Today, the students and researchers of Muslim philosophical and scientific knowledge ask: Whereas Muslims transmitted knowledge to the Europeans, what went wrong with their own civilization’s philosophical knowledge and scientific culture that today Muslims have lagged behind the Western civilization? What went wrong that the Muslims abandoned rationalism and put an end to ibn Rushd’s threefold system of “truth”—rhetorical (religious); dialectical; and philosophical (empirical)? There is no single reason for the decline of Islam’s early inventive cultures of scientific and philosophical eminence that for centuries led the world in many areas. It is tragic, both in a historical and a human sense, but many factors contributed to the stagnation of rationalism in Islam. Rationalism of the Mu’tazilites—a rationalist school of Islamic theology that flourished in the cities of Basra and Baghdad—who believed that the arbiter of whatever is revealed has to be theoretical reason, was challenged by the Ash’arites—the foremost theological school of Sunni Islam which established an orthodox dogmatic guideline based on clerical authority founded by the Arab theologian Abu al-Hasan al-Ashʿari who had laid the foundation of an orthodox Islamic theology. By some, it is also attributed to al-Ghazali (1058-1111), whose arbitral book, The Incoherence of the Philosophy, professed that causality was an illusion and rational philosophy futile. Ibn Rushd of Cordova, on the other hand, in his work The Incoherence of the Incoherence, rejoined that God created a logical universe of cause and effect, and argued, that he who repudiates causality, actually repudiates reason. Al-Ghazali, though, had denounced speculative philosophy believing that philosophical skepticism puts limits on divinity, he did not reject scientific investigations. 

The biggest blow to Islamic rationalism was the fall of the Arab dynasties at Baghdad in the Middle East and Cordova in Arab Spain. In 1493, the Christians conquered Spain, ending eight centuries of Muslim rule. They massacred Muslims and Jews, and expelled many of them from Spain, but retained their philosophical and scientific works. In Baghdad, the crushing impact on the Muslim heartland by successive waves of invasions, led by the Savage Mongols, who threw millions of books in the Euphrates River and burned many libraries in Baghdad to ashes, followed by the Turkic Seljuks, the European Crusaders, the Ayyubid Kurds, the Tamerlane Mughals, and finally the Ottomans, who were promotors of mystical philosophies, gradually destroyed the centers of rational philosophical and scientific knowledge.

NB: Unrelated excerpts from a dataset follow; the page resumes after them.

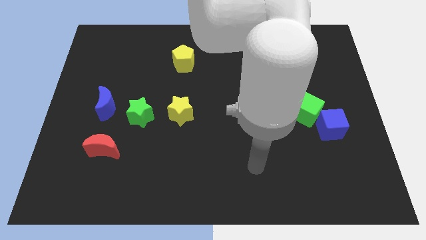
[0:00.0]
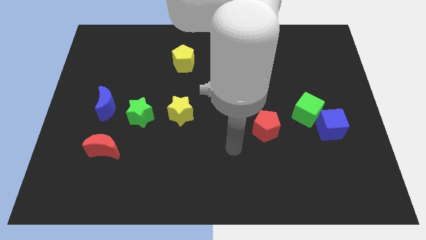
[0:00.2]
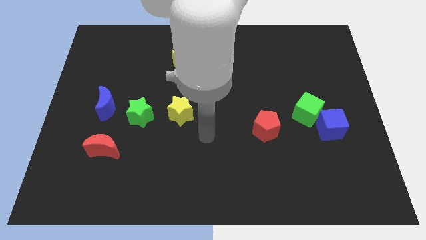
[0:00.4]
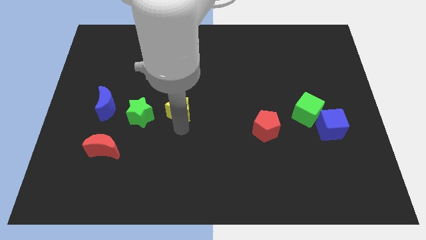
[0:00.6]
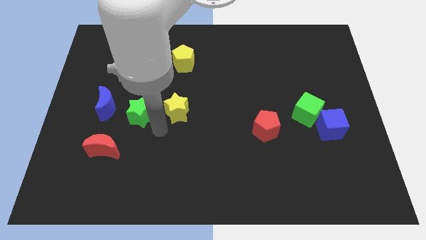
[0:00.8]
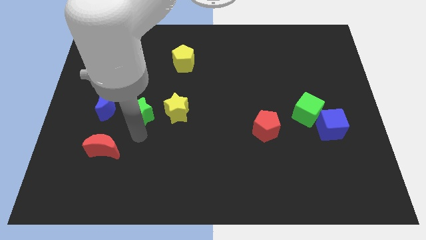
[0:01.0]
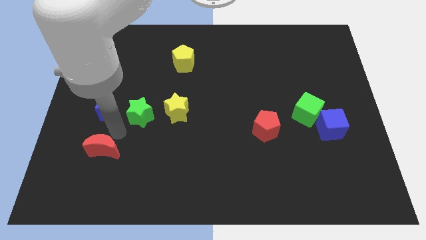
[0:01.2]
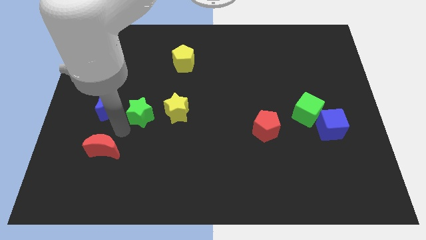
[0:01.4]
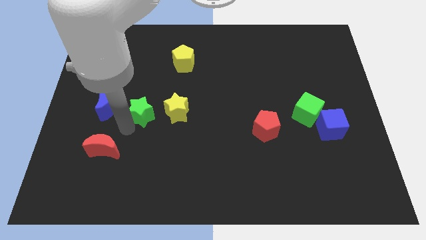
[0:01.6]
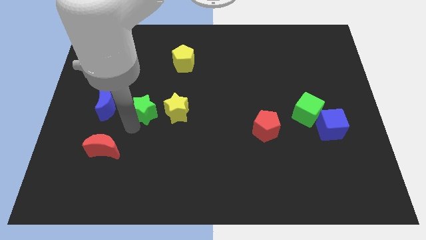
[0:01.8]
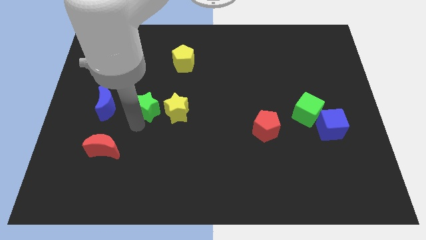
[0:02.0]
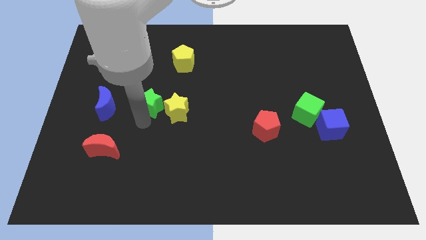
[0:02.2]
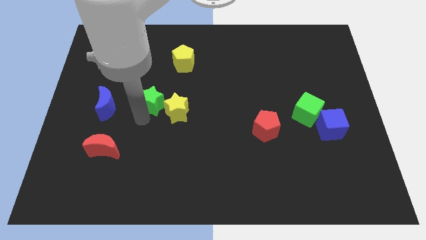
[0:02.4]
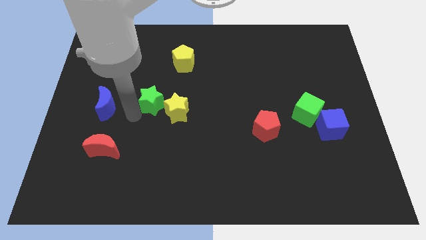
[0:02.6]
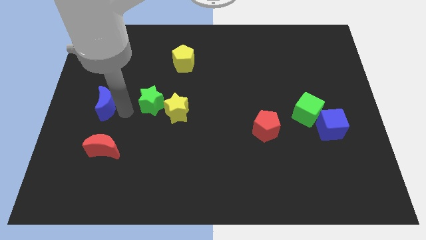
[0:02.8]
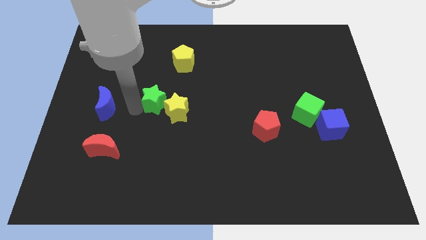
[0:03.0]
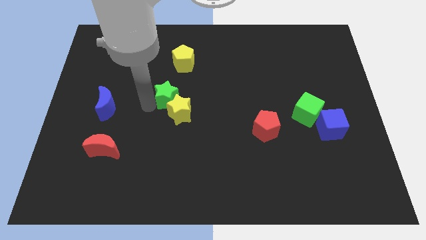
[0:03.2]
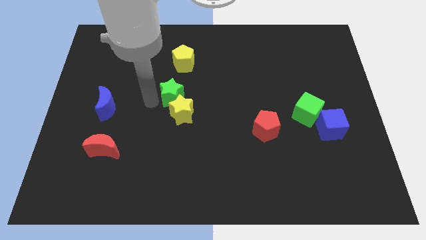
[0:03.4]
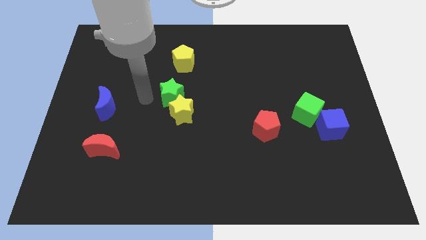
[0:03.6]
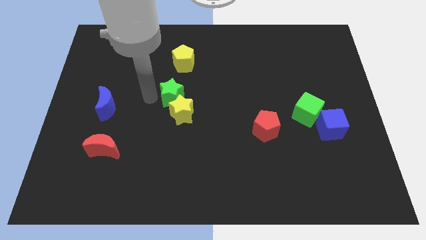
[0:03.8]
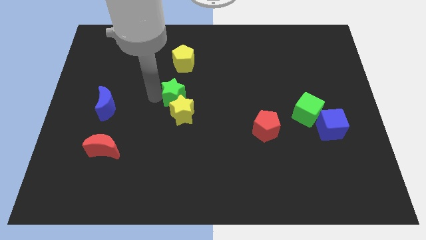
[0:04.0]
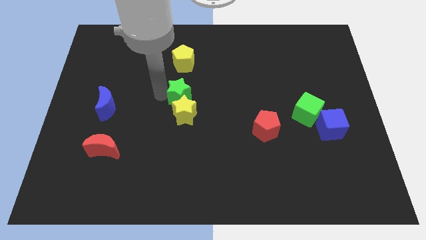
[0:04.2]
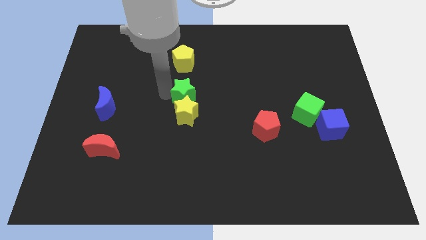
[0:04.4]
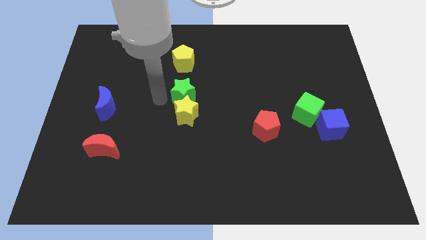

Abandonment of Rationalism and Philosophical Knowledge

When the books and libraries of a nation or a society are destroyed, there creates a vacuum of knowledge and cultural emptiness, which results in building new societies by the new rulers. One of the most important reason for the loss of wealth of knowledge was that the Arab rulers who loved philosophical knowledge did not establish institutions like the House of Wisdom at Baghdad in other parts of their empire. They should have set up universities and colleges all over the world of Islam. After the Abbasids, later caliphs, sultans, and monarchs who could have patronized and supported centers of learning, were focused on consolidating their positions and fighting battles. Peoples in all walks of life, fearful of the turmoil of the foreigner’s attacks and oppression of the new rulers, looked for solace in religious literacies, specifically in spirituality instead of philosophical argumentation. Muslim lands were now flooded with Sufi saints who were revered for their miracles and teachings of love and peace. Thus, mysticism, known as Sufism, became an inclination and a sigh of relief for the Muslim masses. 

Sufism provided a new and peaceful ideology to the caliphs and monarchs. Newly-converted to Islam, the Mongols, the Mughal rulers, followed by the Ottoman Turks, who instead of patronizing scholars of philosophical learning, began to patronize Sufi saints. The chapter of ibn-Rushd’s philosophical thought was closed and that of al-Ghazali’s mystical outlook was encouraged. Islamic history of knowledge has throughout been dependent on the rulers who would prefer to patronize the genre of knowledge which would cater their needs in consolidating a hold on a variety of people, traditions, customs, and cultures. Followers of Sufism would prove peace-loving and submissive subjects, who instead of asking for their rights from their rulers, started seeking the blessings of saints. Since reason could challenge the rulers, belief in collective piety, hope, and confidence in God’s grace triumphed over the earlier concept of Classical Islam: “submission to God is submission to reason.” Thus, a wave of individualistic quest for God engulfed the seekers of love and peace, and masses of Muslims started seeking solace in prayers and in music as sama in the Sufic-inspired services.  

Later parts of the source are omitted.